With these tools, we can write a processing, for example, that searches for all parameters with a tag @look ant that prints their sorted values at the end of the post-merging.

class ProcessPrintSorted(Processing):
    """Print the parameters tagged with "@look", sorted by value on post-merge."""

    def __init__(self) -> None:
        super().__init__()
        self.looked_keys: Set[str] = set()
        # Pre-merge just look for the tag so order is not important
        self.premerge_order = 0.0
        # Post-merge should be after the copy processing if we want the final values
        # on post-merge
        self.postmerge_order = 15.0

    def premerge(self, flat_config: Config) -> Config:
        """Pre-merge processing."""
        # Browse a freeze version of the dict (because we will modify it to remove tags)
        items = list(flat_config.dict.items())
        for flat_key, value in items:
            if is_tag_in(flat_key, "look"):  # Check if the key contains the tag
                # Remove the tag and update the dict
                new_key = clean_tag(flat_key, "look")
                flat_config.dict[new_key] = value
                del flat_config.dict[flat_key]
                # Store the key
                clean_key = clean_all_tags(key)  # remove all tags = true parameter name
                self.looked_keys.add(clean_key)
        return flat_config

    def postmerge(self, flat_config: Config) -> Config:
        """Post-merge processing."""
        values = []
        for key in self.looked_keys:
            # IMPORTANT
            # ("if key in flat_config.dict:" is important in case of some keys were
            # removed or if multiple dicts with different parameters are seen by
            # the processing)
            if key in flat_config.dict:
                values.append(flat_config.dict[key])
        print("The sorted looked values are: ", sorted(values))
        # If we don't want to keep the looked keys for further print:
        self.looked_keys = set()

        return flat_config

# And to use it:
config = make_config("main.yaml", process_list=[ProcessPrintSorted()])

Important note: After all pre-merge processings, the config should no longer contains tags as they should be removed by pre-merge processings.
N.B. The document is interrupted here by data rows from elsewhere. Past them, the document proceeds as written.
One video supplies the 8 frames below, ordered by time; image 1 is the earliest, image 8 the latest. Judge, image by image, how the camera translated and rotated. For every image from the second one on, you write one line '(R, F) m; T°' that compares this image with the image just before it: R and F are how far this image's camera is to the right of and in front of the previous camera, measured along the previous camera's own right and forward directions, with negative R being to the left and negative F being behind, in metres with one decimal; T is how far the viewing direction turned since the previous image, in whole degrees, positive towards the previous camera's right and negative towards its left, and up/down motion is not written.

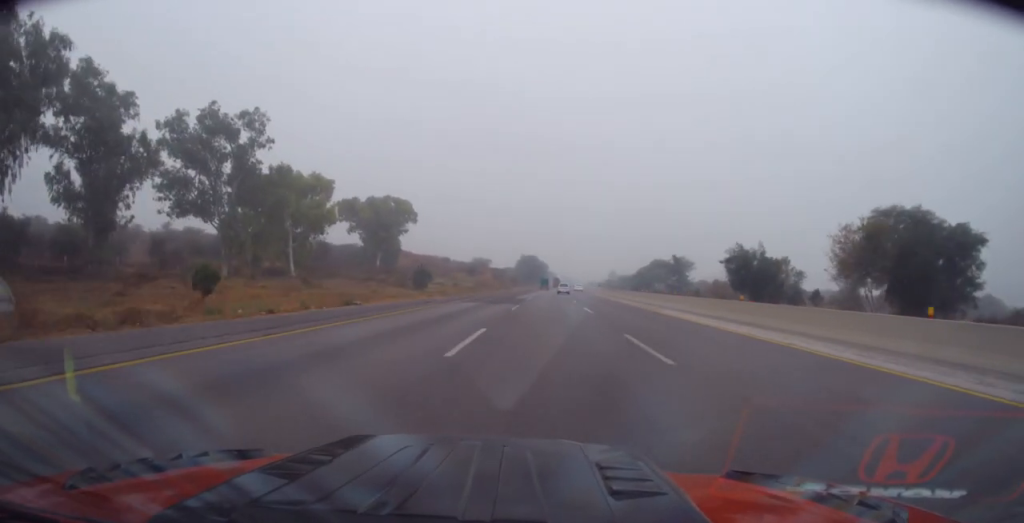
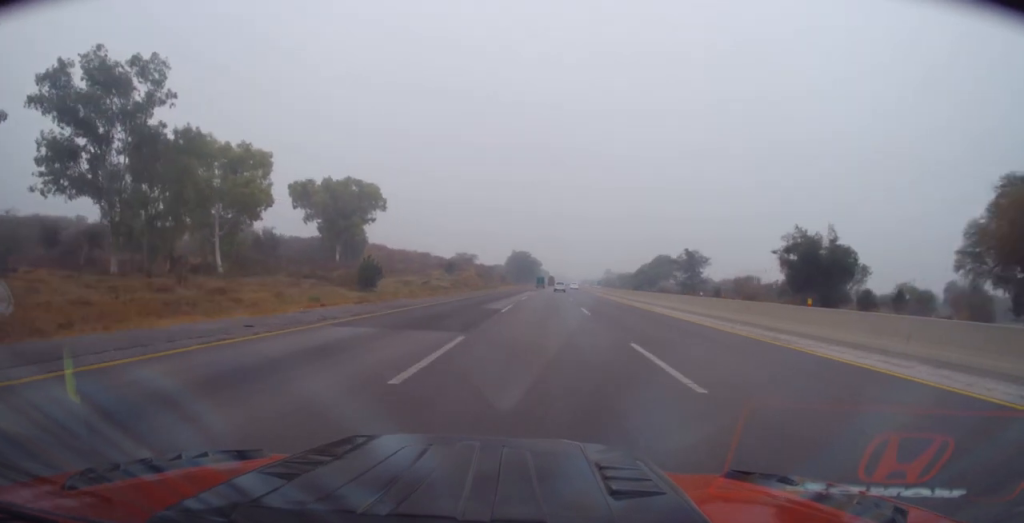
(+0.7, +20.7) m; +2°
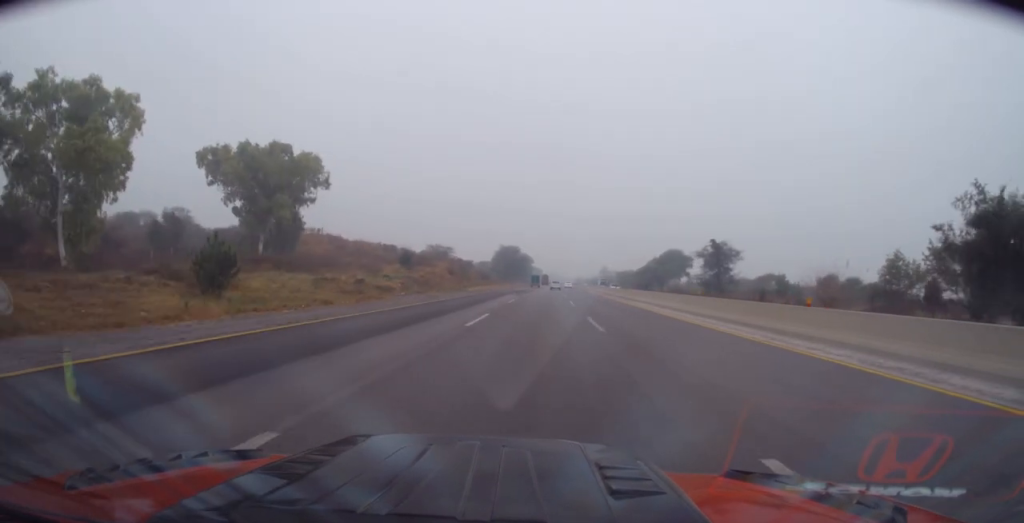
(+0.1, +26.9) m; +1°
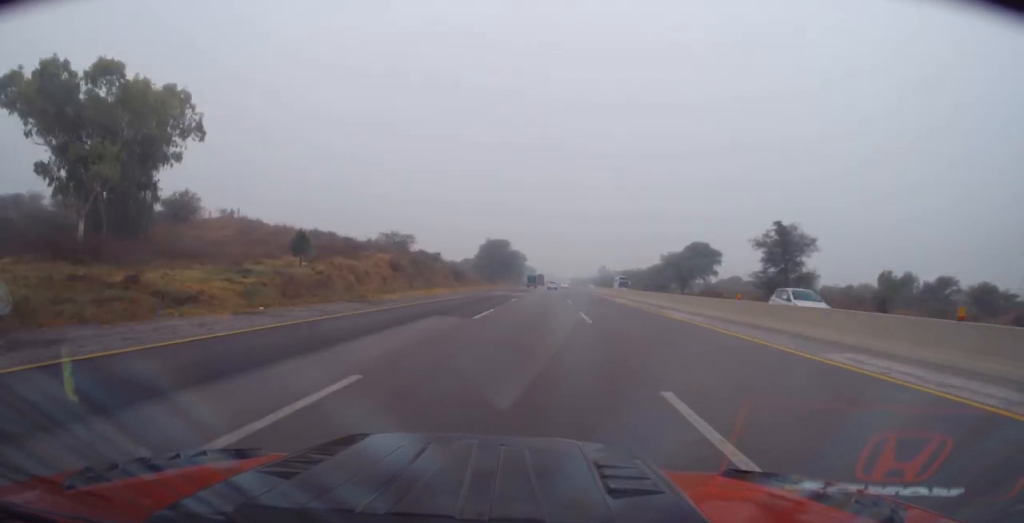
(0.0, +33.1) m; 0°
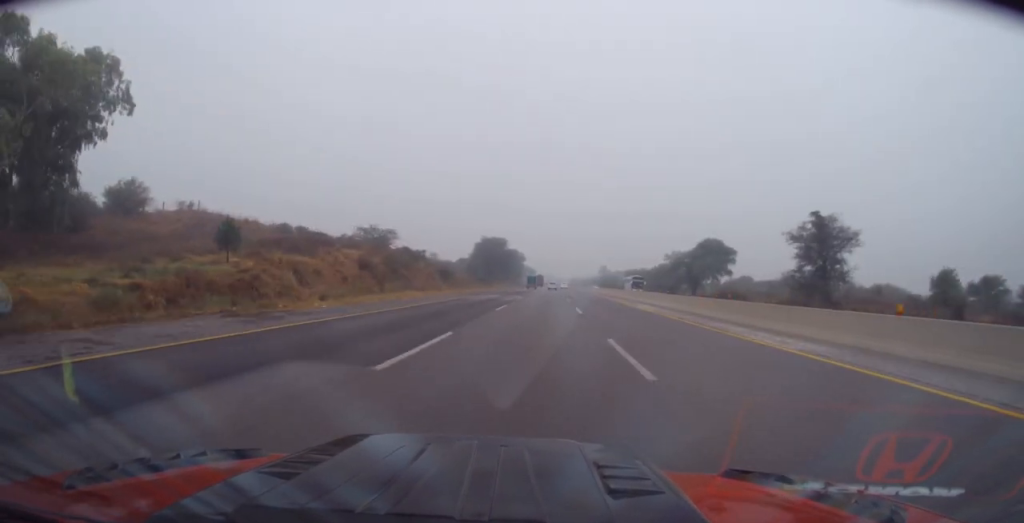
(0.0, +11.2) m; 0°
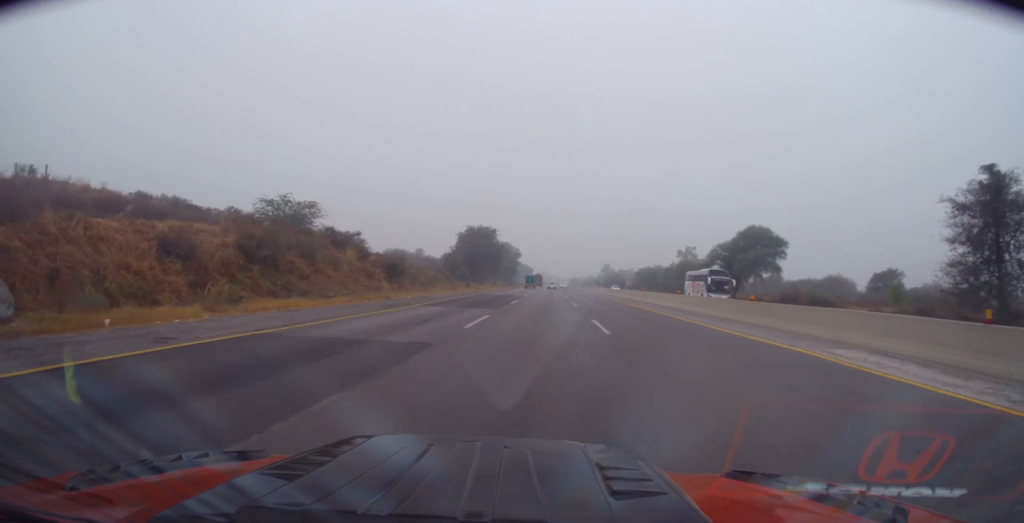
(+0.1, +28.6) m; 0°
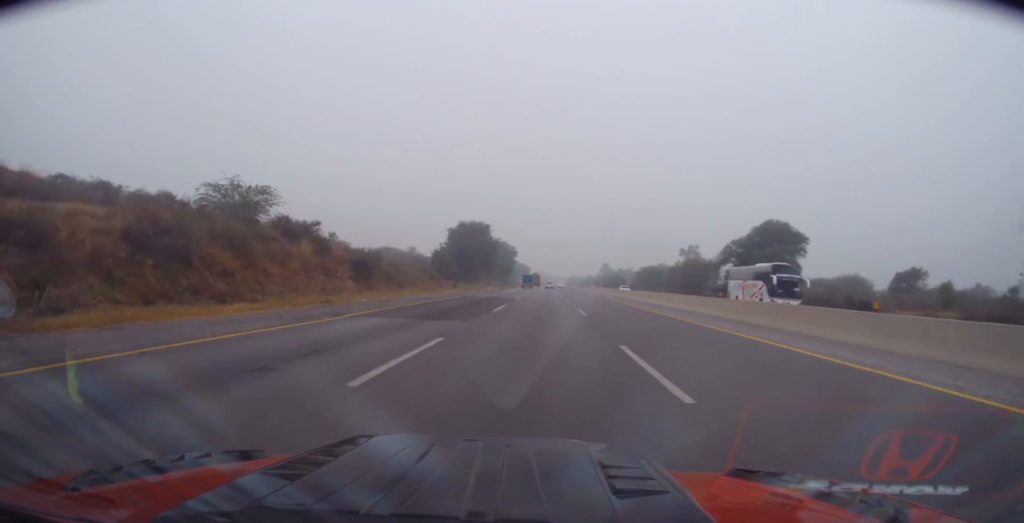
(-0.1, +9.1) m; 0°
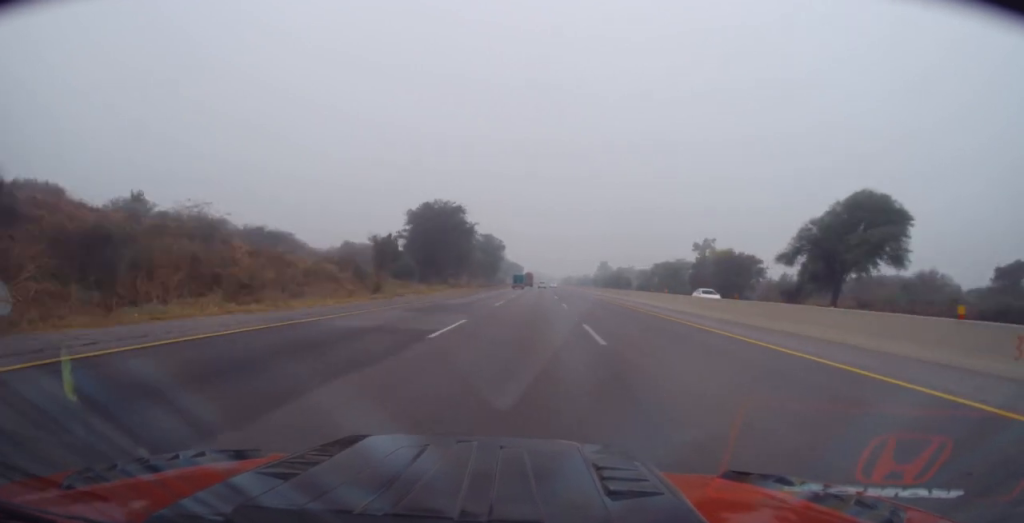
(0.0, +29.8) m; +1°
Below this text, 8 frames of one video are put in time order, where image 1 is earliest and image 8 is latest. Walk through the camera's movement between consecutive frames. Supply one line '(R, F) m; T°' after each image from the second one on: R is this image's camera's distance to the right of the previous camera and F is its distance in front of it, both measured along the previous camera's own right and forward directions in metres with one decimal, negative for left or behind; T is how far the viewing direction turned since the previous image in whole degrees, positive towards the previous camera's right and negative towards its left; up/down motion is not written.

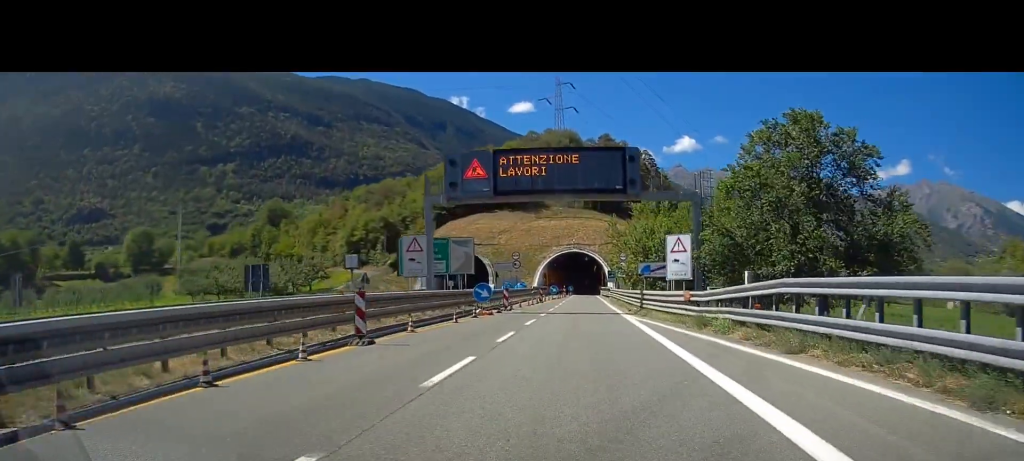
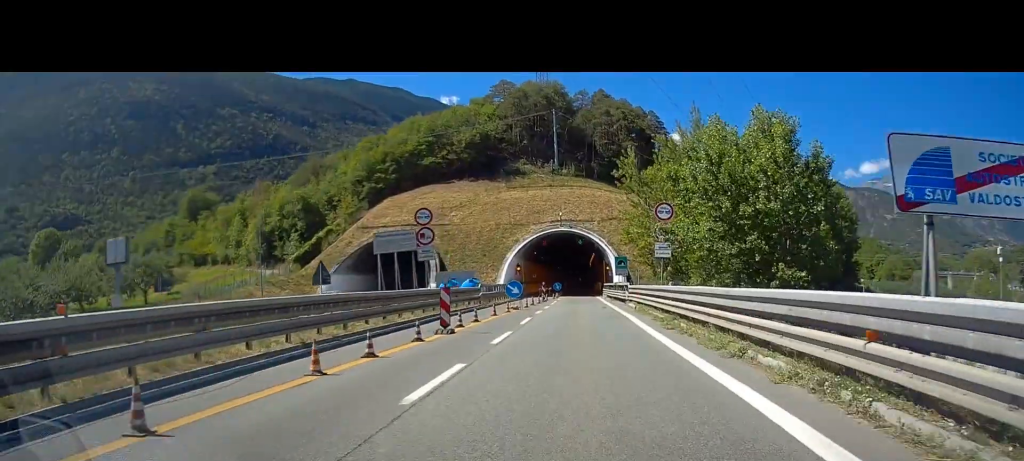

Otherwise, a security processing raises an error. It is then not necessary to take care on tags on post-merge, and pre-save.

Merge, save or load configs in processing

The key concept is that as long as we deal with processings, the elementary operations on the config are not actually to merge, save, and load a config, but rather:

  • Applying pre-merge processing, then merging, then applying post-merge processing.

  • Applying pres-ave processing and then saving a config.

  • Loading a config and then applying post-load processing.

These three operations are in cliconfig.process_routines and called merge_processing, save_processing, and load_processing, respectively. They take as input a Config object that contains as we see the list of processing.

Now, the trick is that sometimes we want to apply these operations to the processing themselves, particularly when we want to modify a part of the configuration instead of just a single parameter (such as merging two configurations). This is why it is particularly useful to have access to the full Config object and not only the dict.

For example, consider the tag @merge_add, which triggers a processing before merging and merges the config loaded from a specified path (the value) into the current config. We may want to see what happens if we merge a config that also contains a @merge_add tag within it:

# main.yaml
config_path1@merge_add: path1.yaml
# path1.yaml
param1: 1
config_path2@merge_add: path2.yaml
# path2.yaml
param2: 2

Now, let’s consider we want to merge the config main.yaml with another config. During the pre-merge processing, we encounter the tag @merge_add. This tag is removed, and the config found at path1.yaml will be merged into the main.yaml config. However before this, it triggers the pre-merging.

Therefore, before the merge path1.yaml, the processing discovers the key config_path2@merge_add and merges the config found at path2.yaml into path1.yaml. Then, path1.yaml is merged into main.yaml. Finally, the resulting configuration can be interpreted as follows:

{'param1': 1, 'param2': 2, 'config_path1': 'path1.yaml', 'config_path2': 'path2.yaml'}

before being merged itself with another config. Note that is not only a processing that allows to organize the configuration on multiple files. In fact, it also allows you for instance to choose a particular configuration among several ones by setting the path as value of the tagged key (as long as this config is on the default configs).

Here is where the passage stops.